Currently the options to monitor Cluster Autoscaler are limited to logs, status configmap and events. While useful for debugging, none of this options is particularly practical for monitoring Cluster Autoscaler behaviour over time. This document describes a set of metrics (in Prometheus format) that will be added to 0.6 Cluster Autoscaler to allow better monitoring of its operations.

Current state

Cluster Autoscaler already has a metrics endpoint providing some basic metrics. This includes default process metrics (number of goroutines, gc duration, cpu and memory details, etc) as well as some custom metrics related to time taken by various parts of Cluster Autoscaler main loop. Existing metrics will be renamed and refactored and new metrics will be added.


Cluster Autoscaler needs to monitor some aspects of cluster state as part of its normal operations. It can therefore provide metrics describing its own operations as well as some metrics related to general state of the cluster.

All the metrics are prefixed with cluster_autoscaler_.

Cluster state

Metric name Metric type Labels Description
cluster_safe_to_autoscale Gauge Whether or not cluster is healthy enough for autoscaling. 1 if it is, 0 otherwise.
nodes_count Gauge state=<node-state> Number of nodes in cluster.
unschedulable_pods_count Gauge Number of unschedulable ("Pending") pods in the cluster.
node_groups_count Gauge node_group_type=<node-group-type> Number of node groups managed by CA.
  • cluster_safe_to_autoscale indicates whether cluster is healthy enough for autoscaling. CA stops all operations if significant number of nodes are unready (by default 33% as of CA 0.5.4).
  • nodes_count records the total number of nodes, labeled by node state. Possible states are ready, unready, notStarted.
  • node_groups_count records the number of currently managed node groups. It's useful when using dynamic configuration or Node Autoprovisioning.
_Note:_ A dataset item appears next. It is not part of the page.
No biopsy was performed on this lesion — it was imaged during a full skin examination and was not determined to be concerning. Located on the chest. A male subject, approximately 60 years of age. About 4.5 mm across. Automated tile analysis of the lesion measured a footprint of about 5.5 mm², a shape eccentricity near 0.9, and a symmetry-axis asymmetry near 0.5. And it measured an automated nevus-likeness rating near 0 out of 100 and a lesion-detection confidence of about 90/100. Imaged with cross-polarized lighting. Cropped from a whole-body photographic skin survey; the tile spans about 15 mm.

Types of node group are autoscaled (managed by CA but not created by NAP) and autoprovisioned (created by NAP and managed by CA).

Cluster Autoscaler execution

This metrics are refactored from currently existing metrics and track execution of various parts of Cluster Autoscaler loop.
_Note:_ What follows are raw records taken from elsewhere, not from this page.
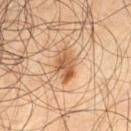Q: Where on the body is the lesion?
A: the left thigh
Q: How large is the lesion?
A: ~4 mm (longest diameter)
Q: What kind of image is this?
A: 15 mm crop, total-body photography
Q: What are the patient's age and sex?
A: male, aged around 55
Q: What lighting was used for the tile?
A: cross-polarized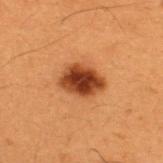<tbp_lesion>
  <biopsy_status>not biopsied; imaged during a skin examination</biopsy_status>
  <lighting>cross-polarized</lighting>
  <image>
    <source>total-body photography crop</source>
    <field_of_view_mm>15</field_of_view_mm>
  </image>
  <patient>
    <sex>male</sex>
    <age_approx>50</age_approx>
  </patient>
  <site>upper back</site>
  <lesion_size>
    <long_diameter_mm_approx>4.5</long_diameter_mm_approx>
  </lesion_size>
  <automated_metrics>
    <area_mm2_approx>11.0</area_mm2_approx>
    <eccentricity>0.65</eccentricity>
    <shape_asymmetry>0.15</shape_asymmetry>
    <border_irregularity_0_10>1.5</border_irregularity_0_10>
    <color_variation_0_10>5.0</color_variation_0_10>
    <peripheral_color_asymmetry>1.5</peripheral_color_asymmetry>
  </automated_metrics>
</tbp_lesion>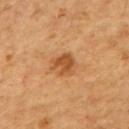Clinical impression:
Captured during whole-body skin photography for melanoma surveillance; the lesion was not biopsied.
Acquisition and patient details:
This image is a 15 mm lesion crop taken from a total-body photograph. A male subject roughly 60 years of age. Captured under cross-polarized illumination. Located on the upper back. Automated image analysis of the tile measured a lesion area of about 5.5 mm², an eccentricity of roughly 0.4, and two-axis asymmetry of about 0.25. It also reported a mean CIELAB color near L≈50 a*≈25 b*≈40 and a normalized lesion–skin contrast near 8. It also reported border irregularity of about 3 on a 0–10 scale and radial color variation of about 0.5. The analysis additionally found a classifier nevus-likeness of about 80/100 and a detector confidence of about 100 out of 100 that the crop contains a lesion.

Metric name Metric type Labels Description
last_activity Gauge activity=<autoscaler-activity> Last time certain part of CA logic executed
function_duration_seconds Histogram function=<autoscaler-function> Time taken by various parts of CA main loop.
  • last_activity records last time certain part of cluster autoscaler logic executed. Represented with unix timestamp. autoscaler-activity values are:

    • main - main loop iteration started.
    • autoscaling - current state of the cluster has been updated, started autoscaling logic.
    • scaleUp - autoscaler will check if scale up is necessary.
    • scaleDown - autoscaler will try to scale down some nodes.
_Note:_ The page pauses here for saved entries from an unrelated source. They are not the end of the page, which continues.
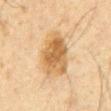Q: Where on the body is the lesion?
A: the chest
Q: What are the patient's age and sex?
A: male, in their 60s
Q: How was this image acquired?
A: ~15 mm tile from a whole-body skin photo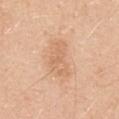The lesion was tiled from a total-body skin photograph and was not biopsied. Longest diameter approximately 4.5 mm. A close-up tile cropped from a whole-body skin photograph, about 15 mm across. Imaged with white-light lighting. On the abdomen. A male patient, roughly 50 years of age. The lesion-visualizer software estimated a symmetry-axis asymmetry near 0.35. And it measured a mean CIELAB color near L≈67 a*≈21 b*≈35, roughly 7 lightness units darker than nearby skin, and a lesion-to-skin contrast of about 4.5 (normalized; higher = more distinct).

    Not all of the above have to happen in every loop. For example if CA adds a new node it will completely skip scale down logic in this loop.

  • function_duration_seconds summarizes time taken by different functions executed in main CA goroutine. Uses the following set of values for autoscaler-function:

    • main - duration of the whole iteration of main loop.
    • updateClusterState - time used by CA to get node status from API server and update internal data structures.
    • scaleUp - time used to check if new node are necessary and add them.
    • findUnneeded - time required to find nodes that are candidates for removal.
    • scaleDown - time required to verify unneeded nodes are really unnecessary and remove them.

New labels may be added to both last_activity and function_duration_seconds if we add more features or additional logic to Cluster Autoscaler.

Cluster Autoscaler operations

This metrics describe internal state and actions taken by Cluster Autoscaler.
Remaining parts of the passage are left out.